Whether or not you are a fan of writing, it has been a part of the student experience for thousands of years. While the concept of writing in education is anything but new, each year there are dozens of studies and articles that alter the writing landscape. Emerging technologies in the classroom also have an impact on writing education and how teachers perform writing instruction. Here are 4 articles about writing from this past year that have shed new light on such a well-known facet of education.
by Rachael Pells, Times Higher Education
In this fascinating article, the author explores new research into citation patterns of students. Researchers from McMaster University, the University of Iowa, and the University of Minnesota found that male academic writers cited work published by a woman 14% less often than female academic writers in six scholarly journals. According to the article, this study already prompted one academic journal to analyze the percentage of published female writers in its issues, and has created a heightened sense of awareness of equity in academic publications as a whole.

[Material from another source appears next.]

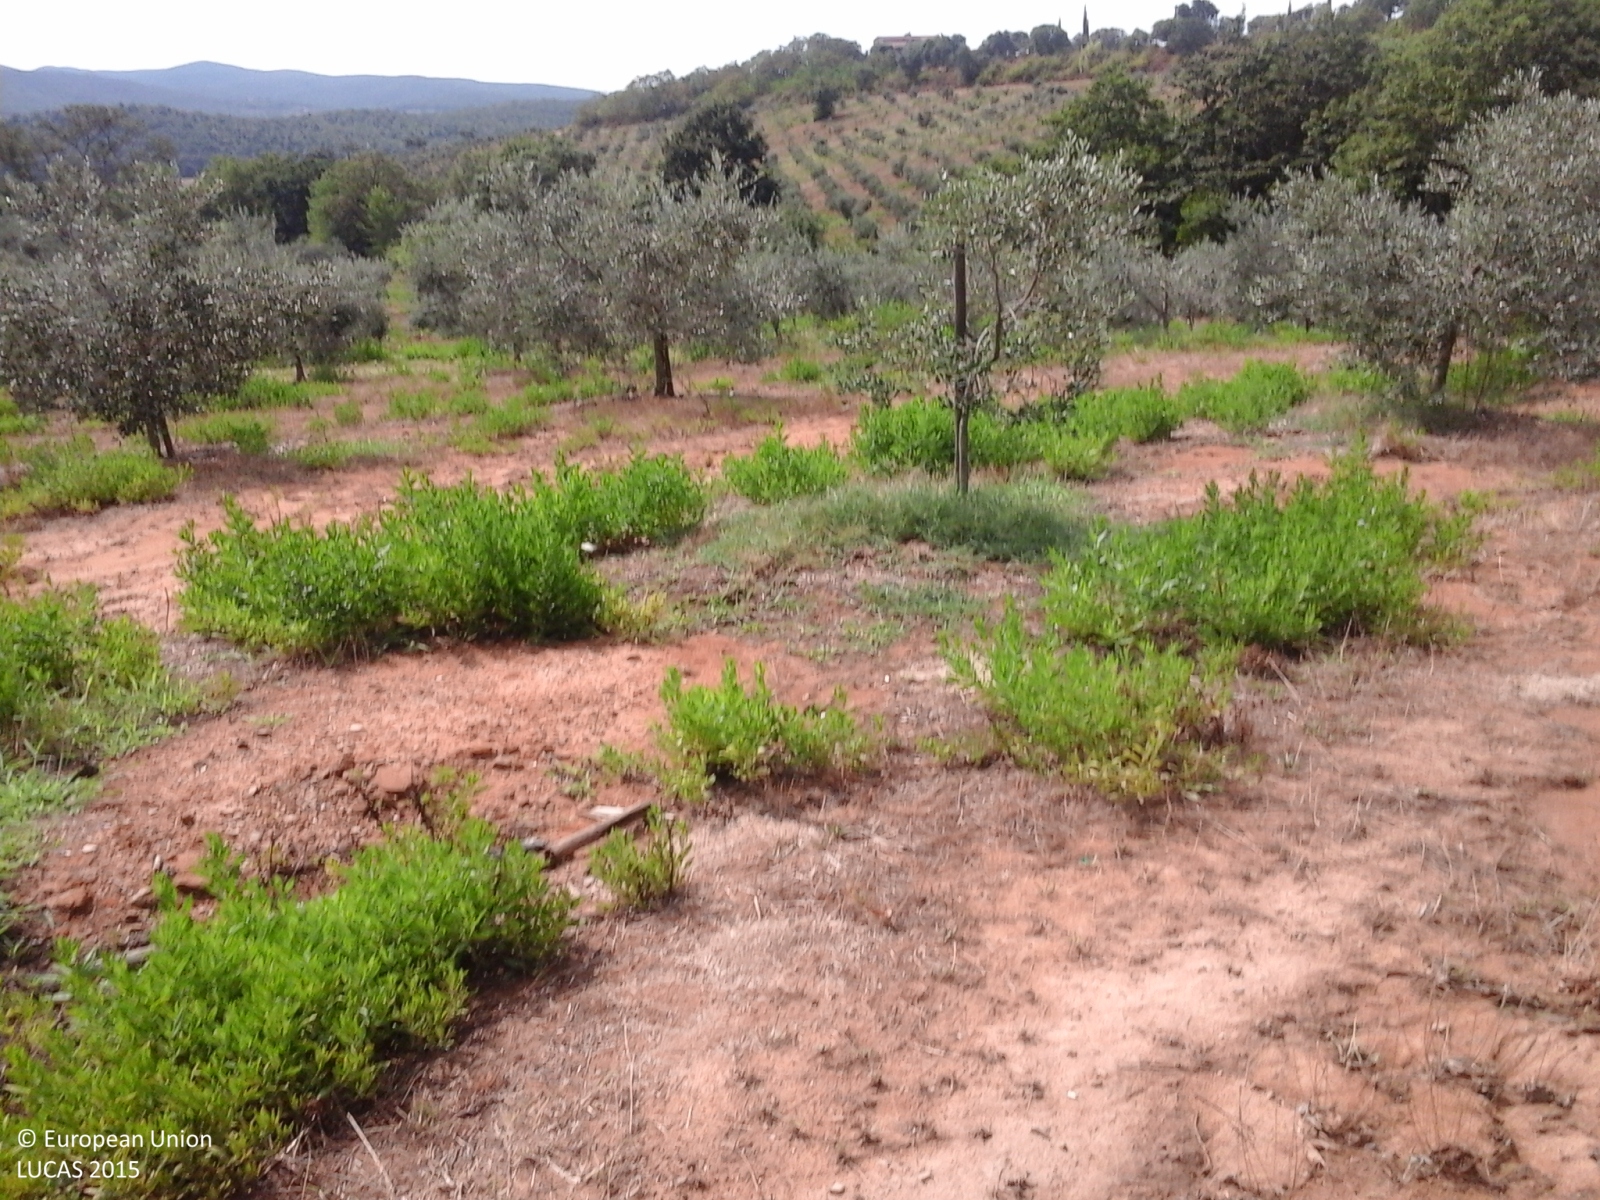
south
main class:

by Kelly McCarthy, ABC News
This article was a great example for how creativity can boost student interest in writing. A third-grade teacher in Boston challenged her students to write a Yelp review for a local restaurant of their choice. By explaining the nuances of opinion writing in terms students at that grade level could easily understand, the teacher saw dramatic improvements in engagement in her writing curriculum. Students were excited to have their work published online, and local restaurant owners loved reading the honest and somewhat comical reviews of their establishments.

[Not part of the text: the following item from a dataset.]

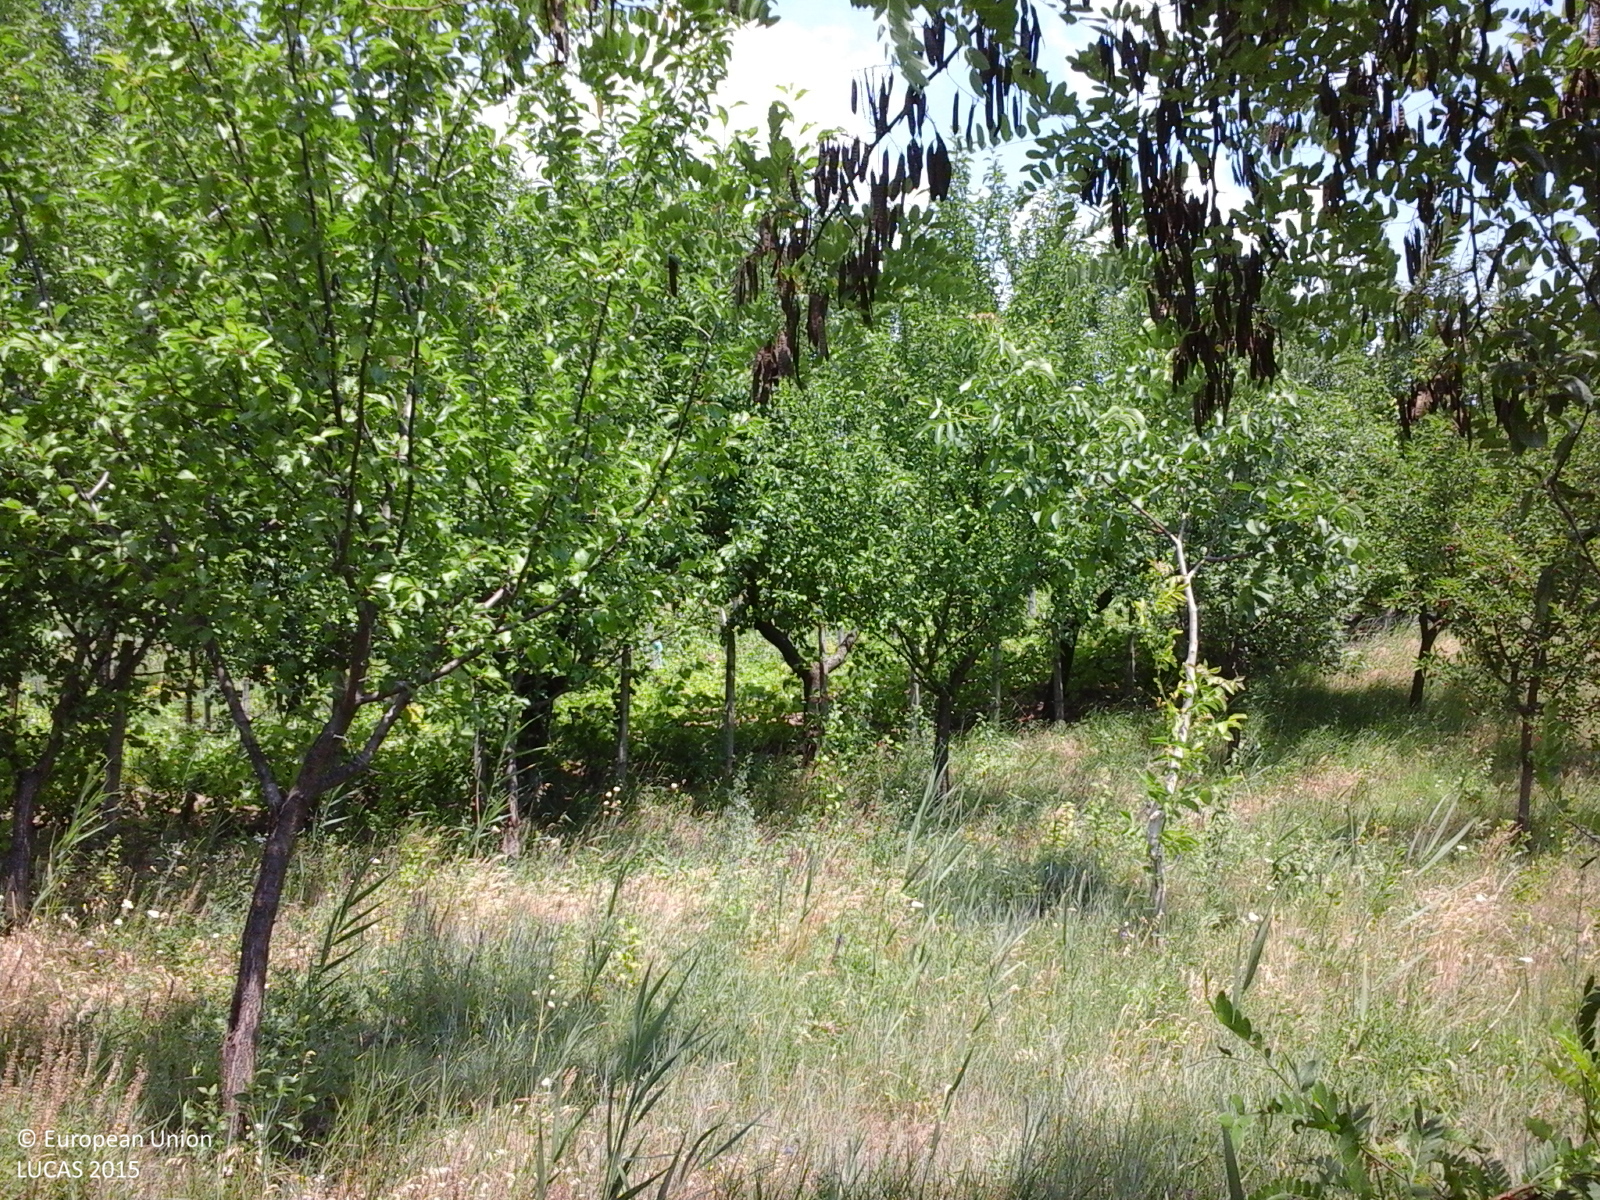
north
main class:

by Daphne Taras, The Chronicle of Higher Education
Exploring the world of online paper writing services, the author—a professor—describes how much pressure is put on students to succeed and meet deadlines. Pressure which can drive students to use websites that may lead them on the path to plagiarism. Taras tested the results of a “paper writing service” by pretending to be a student, buying a paper from them, and then sent it to colleagues and asked their opinion on what grade it should receive. While some of their fellow academics were suspicious, they did not think that the “student” committed plagiarism, when in fact the paper was never even written by a student at all!
by Giorgia Guglielmi, Nature.com
Sources that are cited in academic papers can tell educators and researchers a lot about what interests students. Based on data described in this article, it is clear that subjects such as DNA research and asteroids are popular topics among academics. One publication on human and mouse DNA sequences had over 4,500 citations! It is interesting to read that topics in the sciences seem to be the most often cited scholarly articles.